Blaine is caught in the middle between Illsa and her husband and the corrupt Vichy Captain, Louis Renault, performed by the renowned character actor Claude Rains. World War II is heating up and everyone’s life in Casablanca is in jeopardy. No one is safe and few can be trusted. Blaine realizes that he can no longer be neutral. He has to take a stand or the people he loves will be imprisoned or killed.

Despite the fact that Casablanca is a black-and-white film and has none of the special effects that my generation has grown accustomed to, the movie keeps the viewer on the edge of their seat until the very end. There are many reasons why this movie is so powerful. For example, the cast includes many incredible actors. Humphrey Bogart was not conventionally handsome, and he was fifteen years older than the beautiful Ingrid Bergman. Yet, there was a believable chemistry between them. Bergman had starred in other Hollywood films before Casablanca, but her role as Ilsa Lund solidified her career. In fact, during the span of her career she won 3 Academy Awards, two for Best Actress and one for Best Supporting Actress. Bergman’s portrayal of Lund was a combination of grace, passion, and strength. Before his role as the Czech Resistance leader, Paul Henreid was a vocal opponent of the Nazi Regime. He was even listed as an official enemy of the Third Reich. Peter Lorre, another unforgettable character actor, was Austrian and had to escaped Nazi Germany. Although Lorre has a smaller part in Casablanca, he always finds an interesting way of portraying his characters. English actor Claude Rains actually fought in World War I and was blinded in one eye from the poison gas. Rains’ style of acting is so versatile that he can play almost any role. In Casablanca, he plays a wily and corrupt police official. Even though he doesn’t play a respectable figure, Rains is captivating in every scene. He doesn’t even need to say a word because he is an expert at conveying emotions with his eyes. Subtlety is one of his strengths and, in a movie that is about political corruption and subterfuge, Rains is perfect for the role.

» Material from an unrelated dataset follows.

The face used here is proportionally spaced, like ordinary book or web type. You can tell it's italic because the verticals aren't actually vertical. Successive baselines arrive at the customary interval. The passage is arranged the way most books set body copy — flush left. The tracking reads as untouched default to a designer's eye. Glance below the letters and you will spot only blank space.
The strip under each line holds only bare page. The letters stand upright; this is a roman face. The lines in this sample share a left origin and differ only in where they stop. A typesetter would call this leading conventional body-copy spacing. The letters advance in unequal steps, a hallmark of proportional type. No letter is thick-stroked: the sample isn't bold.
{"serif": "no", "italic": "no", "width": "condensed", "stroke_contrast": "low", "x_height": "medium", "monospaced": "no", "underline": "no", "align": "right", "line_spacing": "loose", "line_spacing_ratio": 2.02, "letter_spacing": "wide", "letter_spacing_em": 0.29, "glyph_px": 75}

Max Steiner wrote the music for the film. Steiner wrote music for some of the biggest movies in Hollywood, one of which I reviewed earlier, Little Women. He also composed the music for Gone with the Wind. However, in this movie, it’s Herman Hupfeld’s song “As Time Goes By” that most people remember. The song originally came out in the early 1930’s with moderate success, but it wasn’t until Casablanca that the song became legendary. Even people who have not seen the movie recognize and have at least heard parts of this song.

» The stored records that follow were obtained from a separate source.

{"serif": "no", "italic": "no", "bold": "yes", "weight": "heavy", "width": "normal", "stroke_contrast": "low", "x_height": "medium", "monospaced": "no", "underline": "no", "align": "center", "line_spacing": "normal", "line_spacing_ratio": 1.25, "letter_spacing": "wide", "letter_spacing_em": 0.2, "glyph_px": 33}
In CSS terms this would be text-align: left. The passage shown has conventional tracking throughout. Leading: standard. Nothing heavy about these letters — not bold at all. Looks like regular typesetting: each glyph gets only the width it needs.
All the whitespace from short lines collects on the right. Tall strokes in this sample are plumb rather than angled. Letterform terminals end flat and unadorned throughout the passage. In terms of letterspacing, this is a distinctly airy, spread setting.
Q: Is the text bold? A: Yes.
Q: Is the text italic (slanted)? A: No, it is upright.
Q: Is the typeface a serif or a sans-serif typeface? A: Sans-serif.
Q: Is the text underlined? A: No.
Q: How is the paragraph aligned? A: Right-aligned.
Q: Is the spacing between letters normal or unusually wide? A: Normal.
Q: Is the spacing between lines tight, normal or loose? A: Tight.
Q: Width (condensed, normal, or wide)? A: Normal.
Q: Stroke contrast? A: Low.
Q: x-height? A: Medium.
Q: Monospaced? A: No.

Oddly enough, no one anticipated the effect Casablanca would have in Hollywood. When it was released, the movie had moderate success and accumulated many positive reviews. Casablanca was one of those films, much like It’s a Wonderful Life, that evolved into an iconic movie. There’s no scientific answer I can give for this result, but I feel that the story is relevant for any generation. Bogart’s character, Blaine, is relatable. Though he is brave, he doesn’t really want to put his life at risk. A series of events force Blaine to make a decision, and that’s when the audience gets to see what kind of person he is. War or even just hard times have the tendency of revealing a person’s true nature. Casablanca has survived the test of time partly because the film continues to resonate with people. This movie is one that should be on anyone’s list of “must see” films.